De início parecíamos sem assunto até que ela me perguntou para puxar assunto:
— Faz tempo que você trabalha aqui?
— Não, não faz nem três meses, antes daqui eu trabalhava na emergência de outro hospital, mas eu não gostava daquela loucura e minha amiga, a Mônica, me avisou que aqui tinham vagas em aberto e aqui estou eu.
— Que legal. As enfermeiras me falam muito bem de você e falam muito. — Ela riu. — Você é muito popular entre elas. — Sorri feliz, pois sabia que elas estavam fazendo propaganda a meu respeito por saberem do meu interesse na Alice, mas também pensei que ela podia ter interpretado todos os elogios das minhas amigas de outro modo e me apressei em deixar claro.

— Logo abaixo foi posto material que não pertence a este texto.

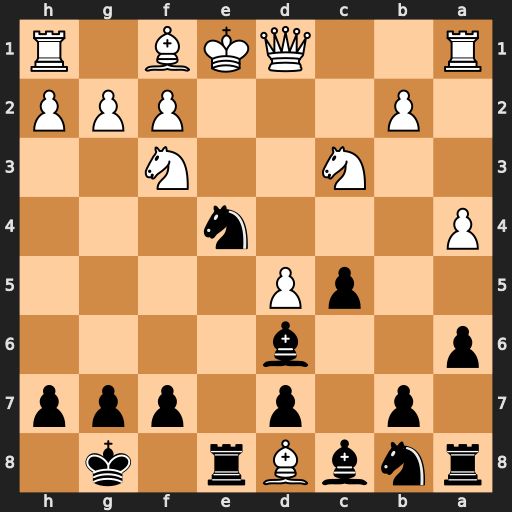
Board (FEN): rnbBr1k1/1p1p1ppp/p2b4/2pP4/P3n3/2N2N2/1P3PPP/R2QKB1R
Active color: b
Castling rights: KQ
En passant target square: -
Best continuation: Nxc3+ Kd2 Nxd1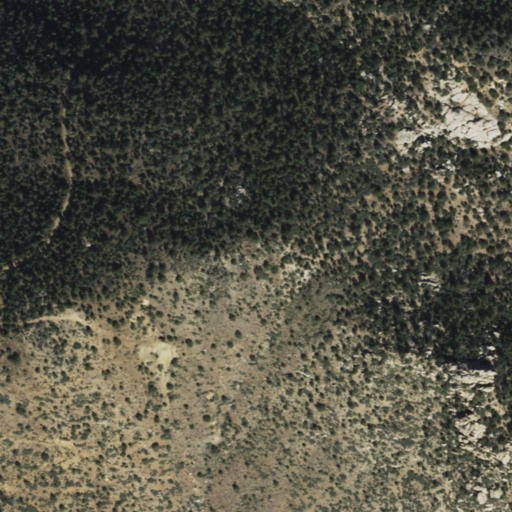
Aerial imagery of mountain in Arizona named Stockton Hill containing evergreen forest and shrub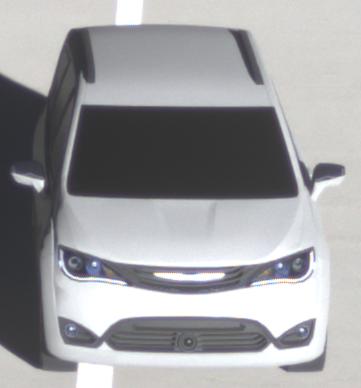
Make: Chrysler
Model: Pacifica
Detailed model: -
Model produced from: 2016
Model produced until: 2020
Doors: 5
Color: gray
Road condition: dry road
Daytime: sunrise or sunset
Contrast: high contrast

— São todas minhas amigas, assim como os Médicos e todos os outros funcionários do hospital. Tenho sorte de por onde passo faço muitos amigos.
Ela sorriu.
— Percebi que você é uma boa pessoa e por isso estamos aqui almoçando. — Fiquei sem jeito com o seu elogio e perguntei para tirar o foco de mim:
— Você mora aqui perto?
— Mais ou menos, moro a uns quinze minutos de carro.
— Sempre morou aqui?
— Não. — Ela deu uma pausa como se pensasse se contava ou não a sua vida para um desconhecido, mas acho que a transmiti confiança, então continuou: — Me mudei para cá na semana que descobri a gravidez, estávamos muito felizes, meu marido era policial, tinha conseguido um ótimo emprego aqui e na semana seguinte, depois de desempacotar a última caixa da mudança, perdi meu marido e mesmo não tendo ninguém nessa cidade, decidi ficar na nossa casa, porque na outra eu também não tinha.
— Sinto muito.
— Agora estou bem quanto a solidão, têm vezes que dói, mas foi mais difícil nos primeiros meses, depois me apeguei aos preparativos da chegada do Antony para tentar esquecer... Aí ele nasceu antes do tempo e eu estou revivendo toda a dor e o medo de perder...
— Ele vai ficar bem, você não vai perdê-lo. — Instintivamente peguei na sua mão e ela me olhou.
— Sim, tem razão. — Soltou a sua mão da minha e parecendo sem graça por ficar com os olhos marejados na frente de alguém que acabou de conhecer. — Desculpa por descarregar toda a minha frustração em você.
— Imagina! Amigos são para isso.
Ela sorriu de um jeito genuíno para a minha menção da palavra amigo e eu me senti incrível por tê-la feito sorrir depois de um momento triste.
Após alguns assuntos aleatórios infelizmente a hora passou rápido, terminamos de almoçar e voltamos para o hospital, ao chegarmos no nosso andar, nos despedimos de maneira tímida, ela agradeceu o almoço e foi se preparar para entrar na UTI, já eu me preparava para voltar ao berçário, entretanto dentro de mim o sentimento que prevalecia era de ansiedade e eu só contava os minutos para alguns momentos com ela novamente.